Had he so desired his sons would have stopped what they were doing to be with their father every minute of his final months. But that was not what he wanted. "Do not stop your lives," he told them. "Otherwise this disease will have ruined three of us instead of one."
In this way even as he was dying, he showed respect for his children's worlds. Little wonder that when they sat with him, there was a waterfall of affection, lots of kisses and jokes and crouching by the side of the bed, holding hands.
- from Tuesdays with Morrie
These were the lines that spoke to me the loudest; it was from here that I took away a lesson from this book by Mitch Albom.
`Respect for others worlds' -- that's kind of old age I am inspired to live. Should I do even think otherwise, I hope this post will bring me back on track. (Here's hoping that my readers too will take home this 'little' lesson that will make a 'big' difference).
By the way, I also remember reading Kahlil Gibran's The Prophet and taking note of what he had to say On Children:
Your children are not your children.
They are the sons and daughters of Life's longing for itself.
They come through you but not from you,
And though they are with you yet they belong not to you.
You may give them your love but not your thoughts,
For they have their own thoughts.
You may house their bodies but not their souls,
For their souls dwell in the house of tomorrow,
which you cannot visit, not even in your dreams.

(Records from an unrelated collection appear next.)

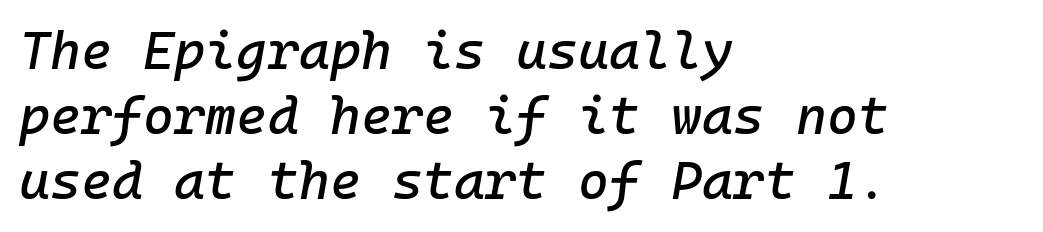
Q: Is the text italic (slanted)? A: Yes, it leans right by about 10 degrees.
Q: Is the text underlined? A: No.
Q: How is the paragraph aligned? A: Left-aligned.
Q: Is the spacing between letters normal or unusually wide? A: Normal.
Q: Width (condensed, normal, or wide)? A: Normal.
Q: Stroke contrast? A: Low.
Q: x-height? A: Medium.
Q: Monospaced? A: Yes.

You may strive to be like them,
but seek not to make them like you.
For life goes not backward nor tarries with yesterday.
You are the bows from which your children
as living arrows are sent forth.
The archer sees the mark upon the path of the infinite,
and He bends you with His might
that His arrows may go swift and far.
Let your bending in the archer's hand be for gladness;
For even as He loves the arrow that flies,
so He loves also the bow that is stable.